Finísimo hilo de plata… ocupan mis pensamientos día y noche. No solo mis pensamientos, porque desde aquel día los visualizo todo el tiempo, por todas partes. Mi primera reacción fue la de pensar en una indiscreta araña que se le había ocurrido diseñar su universo en el centro de mi habitación. A tal punto había eliminado el tema que finalmente lo tenía frente a mí y no lo reconocía. Coloque una silla debajo, estire mi mano y me dispuse a eliminar esa línea basal de su arquitectura. Mi sorpresa fue mayúscula. El dedo atravesaba la línea (o lo que yo creía tela hasta ese momento) y esta se mantenía firme, inmutable en su lugar. Estaba clarísimo que no era una tela, finísimo hilo de plata. Ante el extraño suceso repetí la acción con ambas manos, con el brazo, una carpeta, libros. Nada. Firme, estática, mantenía su sagrada posición. Baje de la silla, la deje en su lugar, y me dispuse a dormir con una tranquilidad que no dejaba de causarme cierta sorpresa. Me dormí mirando ese finísimo hilo de plata brillar sobre mi cabeza. En sueños la fogata, el jardín, y yo consumiéndome por el fuego en un rincón.

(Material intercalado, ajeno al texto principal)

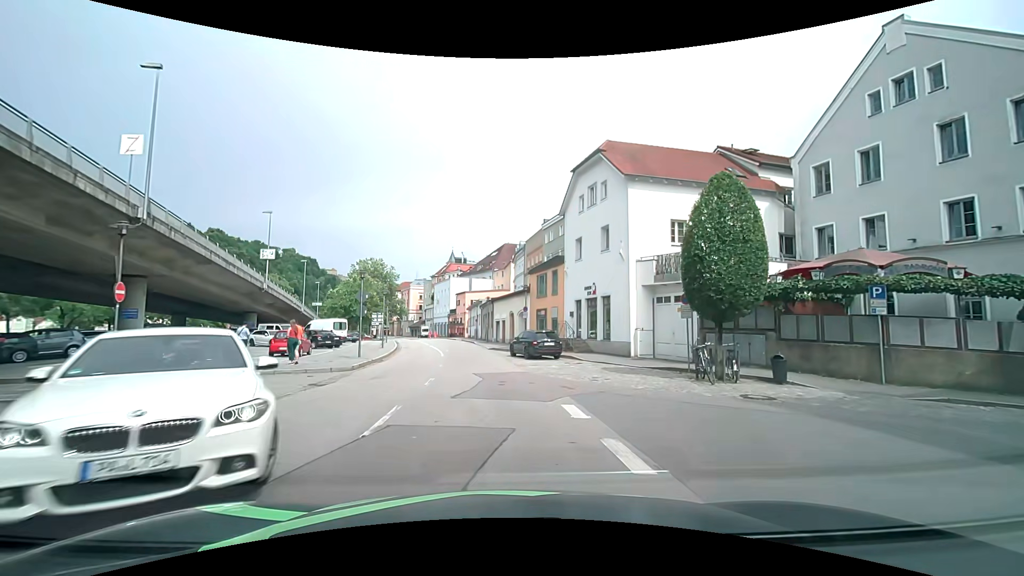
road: residential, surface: asphalt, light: Day
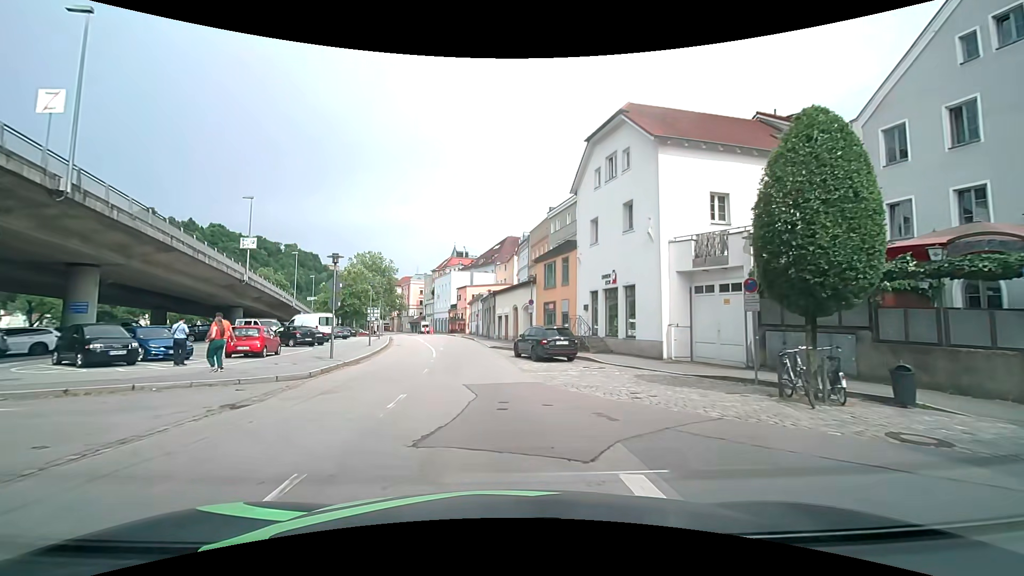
(+0.1, +4.5) m; 0°
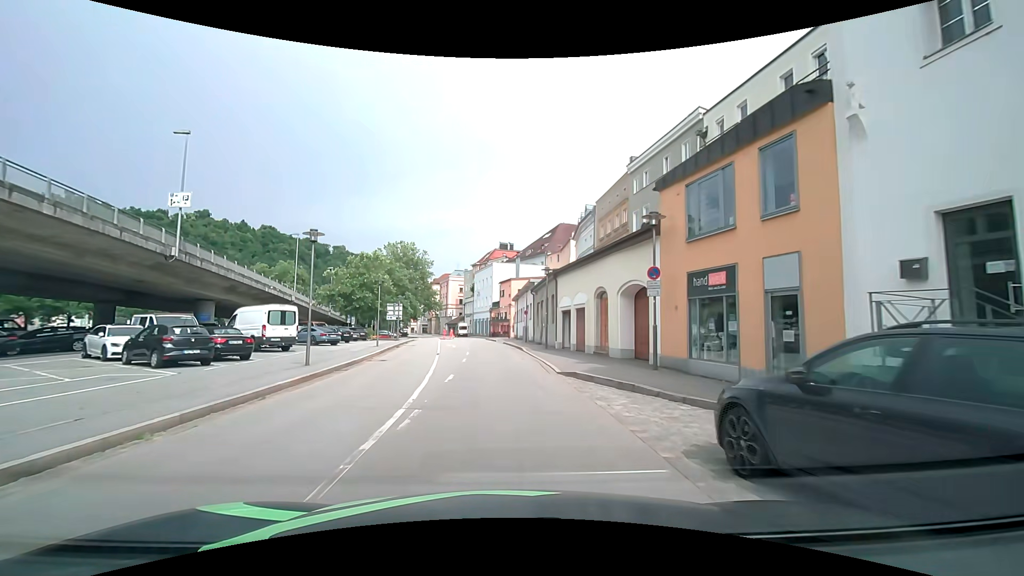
(-1.1, +18.6) m; -6°
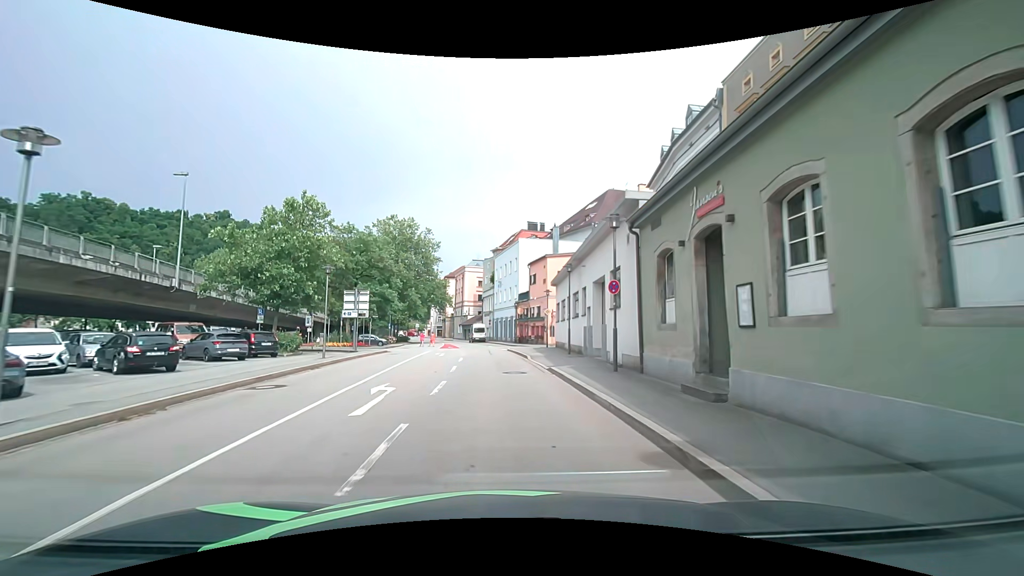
(-0.5, +26.7) m; -2°
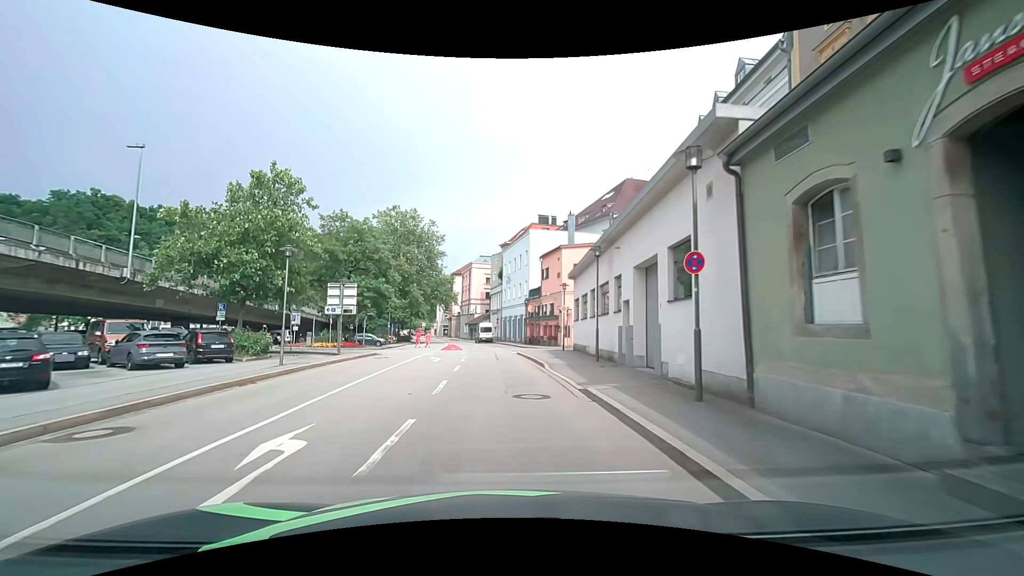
(-0.1, +5.6) m; -1°
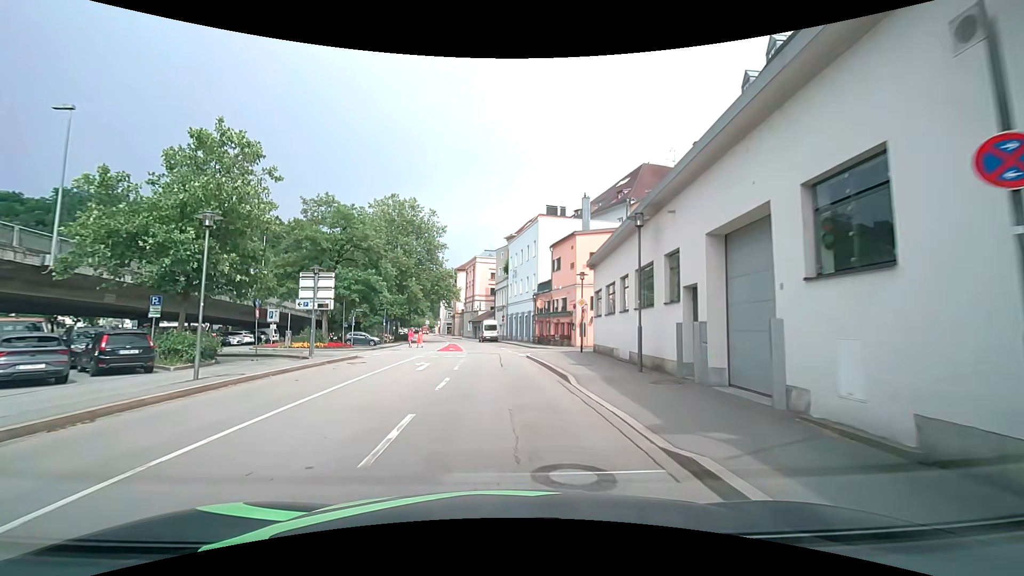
(-0.1, +5.6) m; -1°
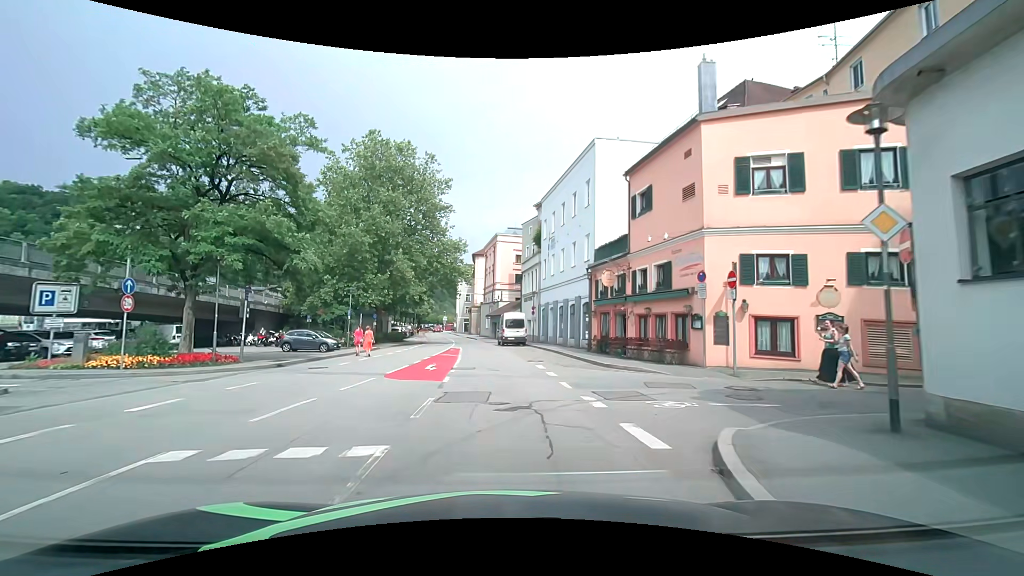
(-0.7, +21.5) m; -3°
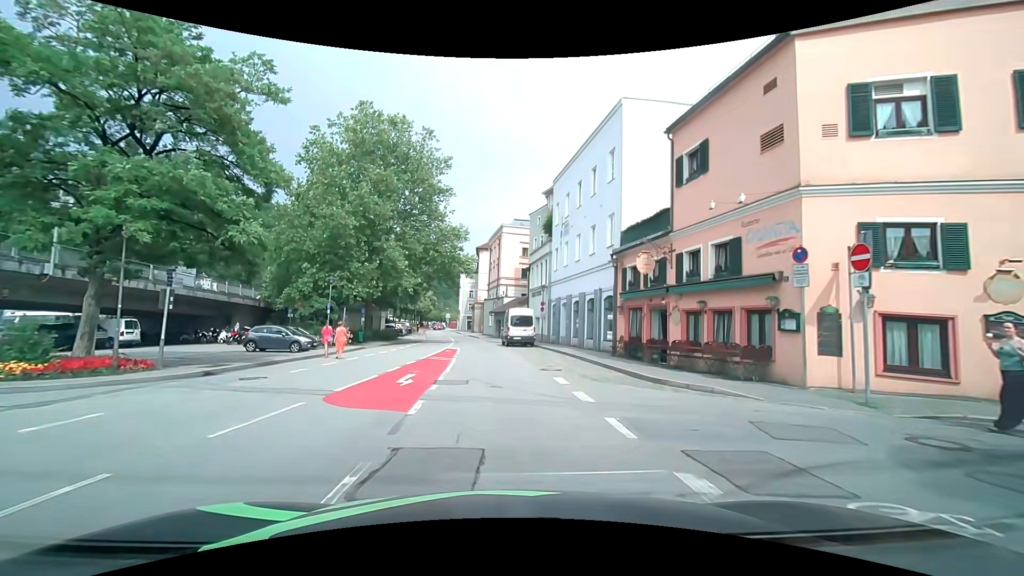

Por la mañana ya no era uno sino dos. Lo curioso del asunto es que cuando salí de mi habitación y me dirigí hacia el baño note que los hilos lo atravesaban todo, es decir, continuaban del otro lado de la pared y se extendían indefinidamente por el espacio. Esto último lo supe cuando me asome por la ventana. Al exterior vi cientos de ellos cruzando toda la ciudad en distintas direcciones pero jamás tocándose uno con otro. Comprendo la reacción que puedan tener ustedes que siempre me consideraron un loco, pero lo que estaba ocurriendo me resultaba tranquilizadoramente familiar y normal. Nada de sobresalto, de ansiedad, de emoción, sino todo lo contrario. Finalmente me encontraba frente a lo que había buscado toda mi vida. Siempre supe que estaba ahí, en nuestras narices, pero no sabía cómo develarla. Aunque aún no comprenda porque, tras largos años la clave fue abandonar la búsqueda. Finísimos hilos de plata tejiendo nuestra realidad en un gigantesco tapiz. De pronto todo alineado, todo ordenado, todo con sentido.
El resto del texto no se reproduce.